There’s something similarly compelling about the voice of Sophie Dawes, who sings for Iyabe further down the bill. As it was with missing-in-action Delicate AWOL singer Caroline Ross, Annie and Sophie’s voices and words are clear, weightless and elusive – keeping you listening while you try to figure out the messages and hidden narratives floating past in slow streams of isolated moment and fleeting detail.

Regarding Iyabe – considering that they’re a five-piece, they sound remarkably skeletal. Soft pings, drum clicks, bass shadows. At their most expansive, they’re a pencil-sketch ghost of Seefeel’s dub-rock dreaminess: other tracks are a hypnotic rain-drip of slowly growing consciousness. Recent moves towards alliances with remixers, further fleshing out the band’s sound, may point the way forward: but, as with Hysterical Injury, there’s already plenty in place.


 
Two more of Saturday’s bands provide further dispatches from rock’s dissolving, dreamier side. The mystery brainchild of Christelle Atenstaedt, Twin’s drawn-out one-woman Gothpop offers a wealth of detail in its hypnotic overlaid folk drones and its reverberant, tangled-roots guitar chug, which seems to reference both Cranes and Sandy Denny. With electric cello adding occasional extra texture to a droning, crashing armoury of blood-stained guitar fuzz, Bath-based post-rockers Charivari have a sombre lysergic depth; plus a repertoire of zurna-like Mediterranean melodies to add to their gloaming-murmurs, their evenstar twinkles and their post-Mogwai cascades of noise.



 
Begun as a solo project by Andrew Cooke (inspired by ancient ghost stories and the concept of the English eerie), Saltings has evolved into a three-piece drone collective. Andrew (plus string players Liz Muir and Caitlin Callahan) gradually unveil an occult soundtrack full of marine and maritime references, maybe as much inspired by Andrew’s origins in the port of Dublin as by the current trio’s Bristol harbouring. Sampler-moulded sounds (noise-grates, hull-knocks, whistles, water-throbs and motors) are enfolded with double bass and cello parts – whispered, minimal elegies for the undetermined; or baleful shadings; or queasy, discombobulated, John Adams-styled loops both shaken and slurred.



 
The sole hip hop representative on the bill, Luui, rolls out complex, constantly unfolding raps over seductively silky, time-flexed instrumental samples: slurred, narcotic Rhodes piano doodles, bits of glowing solo jazz guitar smeared into something blunted and sinister.
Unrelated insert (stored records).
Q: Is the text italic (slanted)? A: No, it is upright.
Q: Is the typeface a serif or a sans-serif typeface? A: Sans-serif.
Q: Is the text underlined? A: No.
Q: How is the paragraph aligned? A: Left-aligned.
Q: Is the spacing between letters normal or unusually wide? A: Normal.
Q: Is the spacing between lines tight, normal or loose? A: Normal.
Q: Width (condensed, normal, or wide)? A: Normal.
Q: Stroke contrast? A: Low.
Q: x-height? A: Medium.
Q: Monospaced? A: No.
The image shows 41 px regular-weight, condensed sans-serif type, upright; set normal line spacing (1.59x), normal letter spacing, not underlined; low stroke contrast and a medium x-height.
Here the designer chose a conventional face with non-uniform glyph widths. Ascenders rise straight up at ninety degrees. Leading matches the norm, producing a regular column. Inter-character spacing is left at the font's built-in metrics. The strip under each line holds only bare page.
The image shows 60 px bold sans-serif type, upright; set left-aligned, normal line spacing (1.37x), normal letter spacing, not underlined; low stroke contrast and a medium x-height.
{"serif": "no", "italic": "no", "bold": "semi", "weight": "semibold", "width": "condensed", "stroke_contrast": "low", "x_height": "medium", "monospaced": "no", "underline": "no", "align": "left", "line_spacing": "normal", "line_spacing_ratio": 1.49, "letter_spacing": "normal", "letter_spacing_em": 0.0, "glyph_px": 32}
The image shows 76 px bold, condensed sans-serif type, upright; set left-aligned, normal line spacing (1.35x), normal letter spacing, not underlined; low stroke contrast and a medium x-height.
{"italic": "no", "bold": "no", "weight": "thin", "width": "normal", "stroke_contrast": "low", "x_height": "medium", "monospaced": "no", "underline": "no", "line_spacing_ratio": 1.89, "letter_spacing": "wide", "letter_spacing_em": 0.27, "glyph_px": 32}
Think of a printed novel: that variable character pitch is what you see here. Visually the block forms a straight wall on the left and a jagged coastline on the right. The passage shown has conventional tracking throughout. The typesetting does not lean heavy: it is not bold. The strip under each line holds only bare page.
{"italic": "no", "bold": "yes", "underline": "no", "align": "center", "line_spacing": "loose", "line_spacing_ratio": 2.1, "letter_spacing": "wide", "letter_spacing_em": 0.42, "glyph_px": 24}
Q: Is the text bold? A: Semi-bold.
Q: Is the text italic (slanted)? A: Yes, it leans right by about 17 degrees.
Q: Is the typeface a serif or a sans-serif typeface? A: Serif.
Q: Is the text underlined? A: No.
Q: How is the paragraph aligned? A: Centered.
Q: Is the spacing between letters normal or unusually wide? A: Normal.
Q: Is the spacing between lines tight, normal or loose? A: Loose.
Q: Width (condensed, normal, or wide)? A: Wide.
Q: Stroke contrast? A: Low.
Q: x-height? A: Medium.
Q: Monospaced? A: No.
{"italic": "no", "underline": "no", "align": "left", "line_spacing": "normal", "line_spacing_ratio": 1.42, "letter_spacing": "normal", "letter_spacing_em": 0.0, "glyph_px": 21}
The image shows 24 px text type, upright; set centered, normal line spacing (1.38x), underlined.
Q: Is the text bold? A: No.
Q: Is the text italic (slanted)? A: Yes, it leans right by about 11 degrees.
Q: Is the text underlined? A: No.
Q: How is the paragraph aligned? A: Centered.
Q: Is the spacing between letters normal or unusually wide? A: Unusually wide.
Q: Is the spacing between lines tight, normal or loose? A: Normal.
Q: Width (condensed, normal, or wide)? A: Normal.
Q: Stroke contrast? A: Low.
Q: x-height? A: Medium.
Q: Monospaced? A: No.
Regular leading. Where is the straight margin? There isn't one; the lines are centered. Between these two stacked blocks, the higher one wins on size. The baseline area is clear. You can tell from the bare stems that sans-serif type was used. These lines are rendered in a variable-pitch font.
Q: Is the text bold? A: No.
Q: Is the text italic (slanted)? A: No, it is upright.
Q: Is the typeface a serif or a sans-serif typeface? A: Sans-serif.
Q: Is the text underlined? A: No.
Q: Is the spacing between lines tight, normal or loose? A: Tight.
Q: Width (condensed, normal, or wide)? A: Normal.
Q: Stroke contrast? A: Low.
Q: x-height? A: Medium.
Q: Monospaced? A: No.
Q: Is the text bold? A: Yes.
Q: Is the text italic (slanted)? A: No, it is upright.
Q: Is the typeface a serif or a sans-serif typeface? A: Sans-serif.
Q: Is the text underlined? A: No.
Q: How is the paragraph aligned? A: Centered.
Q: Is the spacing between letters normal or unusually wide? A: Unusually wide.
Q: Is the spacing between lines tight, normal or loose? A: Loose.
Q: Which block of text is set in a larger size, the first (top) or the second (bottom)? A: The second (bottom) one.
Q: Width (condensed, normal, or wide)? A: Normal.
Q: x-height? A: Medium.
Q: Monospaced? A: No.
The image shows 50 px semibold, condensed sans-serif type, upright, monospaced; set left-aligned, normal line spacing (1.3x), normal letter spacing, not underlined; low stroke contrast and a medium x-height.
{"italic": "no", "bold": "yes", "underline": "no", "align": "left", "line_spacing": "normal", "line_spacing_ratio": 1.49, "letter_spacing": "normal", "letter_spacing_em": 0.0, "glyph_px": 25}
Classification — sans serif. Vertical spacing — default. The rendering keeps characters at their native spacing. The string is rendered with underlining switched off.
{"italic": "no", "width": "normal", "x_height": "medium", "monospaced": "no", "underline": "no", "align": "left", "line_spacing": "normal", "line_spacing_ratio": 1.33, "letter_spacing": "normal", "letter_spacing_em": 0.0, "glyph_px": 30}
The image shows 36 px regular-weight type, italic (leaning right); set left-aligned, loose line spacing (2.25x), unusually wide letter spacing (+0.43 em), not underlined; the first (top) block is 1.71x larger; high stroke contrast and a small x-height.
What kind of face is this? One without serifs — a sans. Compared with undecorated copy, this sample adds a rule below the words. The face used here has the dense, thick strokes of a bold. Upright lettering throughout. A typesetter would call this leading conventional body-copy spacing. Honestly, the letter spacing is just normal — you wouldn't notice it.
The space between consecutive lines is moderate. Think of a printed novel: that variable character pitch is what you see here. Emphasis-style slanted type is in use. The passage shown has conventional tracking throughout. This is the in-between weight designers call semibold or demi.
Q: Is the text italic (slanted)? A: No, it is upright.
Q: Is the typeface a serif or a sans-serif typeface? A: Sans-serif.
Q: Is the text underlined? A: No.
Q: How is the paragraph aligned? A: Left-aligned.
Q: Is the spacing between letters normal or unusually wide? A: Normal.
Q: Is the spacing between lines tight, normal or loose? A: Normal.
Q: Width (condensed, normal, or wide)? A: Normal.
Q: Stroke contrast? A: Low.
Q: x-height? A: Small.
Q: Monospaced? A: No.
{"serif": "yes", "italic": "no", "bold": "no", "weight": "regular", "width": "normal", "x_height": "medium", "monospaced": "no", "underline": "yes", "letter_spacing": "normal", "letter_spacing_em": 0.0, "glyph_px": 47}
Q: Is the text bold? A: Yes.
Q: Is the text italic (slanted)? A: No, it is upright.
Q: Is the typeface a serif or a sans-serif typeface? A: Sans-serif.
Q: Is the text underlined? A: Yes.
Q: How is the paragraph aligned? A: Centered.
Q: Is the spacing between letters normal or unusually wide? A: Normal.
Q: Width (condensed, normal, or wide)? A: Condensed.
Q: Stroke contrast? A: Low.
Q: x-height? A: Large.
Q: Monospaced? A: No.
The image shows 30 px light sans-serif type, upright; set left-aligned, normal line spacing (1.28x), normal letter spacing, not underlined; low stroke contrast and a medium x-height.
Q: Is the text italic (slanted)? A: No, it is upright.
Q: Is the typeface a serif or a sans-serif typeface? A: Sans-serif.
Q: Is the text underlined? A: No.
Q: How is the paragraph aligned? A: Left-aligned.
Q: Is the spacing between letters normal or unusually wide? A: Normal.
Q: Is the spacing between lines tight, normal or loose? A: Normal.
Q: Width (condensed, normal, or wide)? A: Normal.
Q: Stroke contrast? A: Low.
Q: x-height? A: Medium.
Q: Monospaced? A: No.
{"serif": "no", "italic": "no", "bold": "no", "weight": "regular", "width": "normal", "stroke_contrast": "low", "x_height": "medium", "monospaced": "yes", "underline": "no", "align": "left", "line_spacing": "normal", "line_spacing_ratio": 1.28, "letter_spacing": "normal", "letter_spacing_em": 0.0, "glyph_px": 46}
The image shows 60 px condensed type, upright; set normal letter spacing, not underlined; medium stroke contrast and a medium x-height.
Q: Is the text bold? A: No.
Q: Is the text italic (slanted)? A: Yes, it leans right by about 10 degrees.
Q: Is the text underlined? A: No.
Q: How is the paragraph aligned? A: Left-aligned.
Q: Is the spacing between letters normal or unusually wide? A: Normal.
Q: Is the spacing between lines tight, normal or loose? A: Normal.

Arced out in short, enveloping doses – most of his tracks are over and done in a couple of minutes – it’s both intimate and claustrophobic: a growing autumnal darkness, a slowly moiling confusion.


 
As Luui harmonises with himself (in subtle dischords), his flow folds over and over onto itself like piling lava, journeying from memories of childhood cheeriness into an increasing broody adult disaffection, shot with regrets, spiked with quick vicious jabs of obscenities and flashes of temper. As with the best, most unsettling confessional rap, you get a crooked window onto Luui’s unresolved world, see him wrestle with his conscience and his instincts and, though you see a little too much of him for comfort, for a while you’re matching breath with him too.


 
Initially known for upbeat Lou Reed drawls larded with guitar fuzz, Human Bones now seem to be moving towards a languorous cardboard-box take on Americana. Multi-instrumental looper Steve Strong, meanwhile, has set himself up as a one-man trip hop/math rock band, in which much of the emphasis seeming to be on the drum rhythm. See below for his Godspeedian live take on a grim, violent found story of road anarchy, in which his hopeful, orderly and dreamy guitar introduction gives way (under the growing brutality of the tale on tape) to the controlled heat of a drum beat through which he seems to be trying to slough off the increasing horror.




 

* * * * * * * *

It’s an odd festival indeed in which Knifeworld (Sunday’s headliners) are virtually the straightest act on the bill. That this is the case says plenty about Wakizashi, but it also says something about where Knifeworld are at the moment. Currently cruising on self-created, sunny psychedelic uplands, the London octet are enjoying a period of relative bliss and (for now) a more familial creative approach, as Kavus Torabi starts to share more of the writing with the crew of expert instrumental heads who make up his band. But if Knifeworld are the closest that the festival comes to pop, it’s still a zestfully spiked pop – brazen and crenellated, filled with monkey panache, their tunes still running exuberantly out of the ears with loopy spirals of melody and unexpected double-backs. If Henry Cow had woken up one morning and decided to steal a march on The Flaming Lips, they couldn’t have done much better than this.


 
More lysergic hints string through the day via the sleepy, lo-fi acidic pop of Edward Penfold, whose songs and instrumentals halo the everyday with a softly vibrating warmth. Sometimes they hint at a might-have-been Syd Barrett; one who ducked the madness and fled away to a healing West Coast hideaway, sending missives back to Cambridge in a rested, sprawling hand; faint blue ink on pale blue paper. On the other side of the coin are The Evil Usses – a deconstructive, fiercely humorous No Wave jazz-rock quartet, who share some of Knifeworld’s brassy exuberance but take it over the escarpment and down into a stomping, seven-league-booted Beefheart country.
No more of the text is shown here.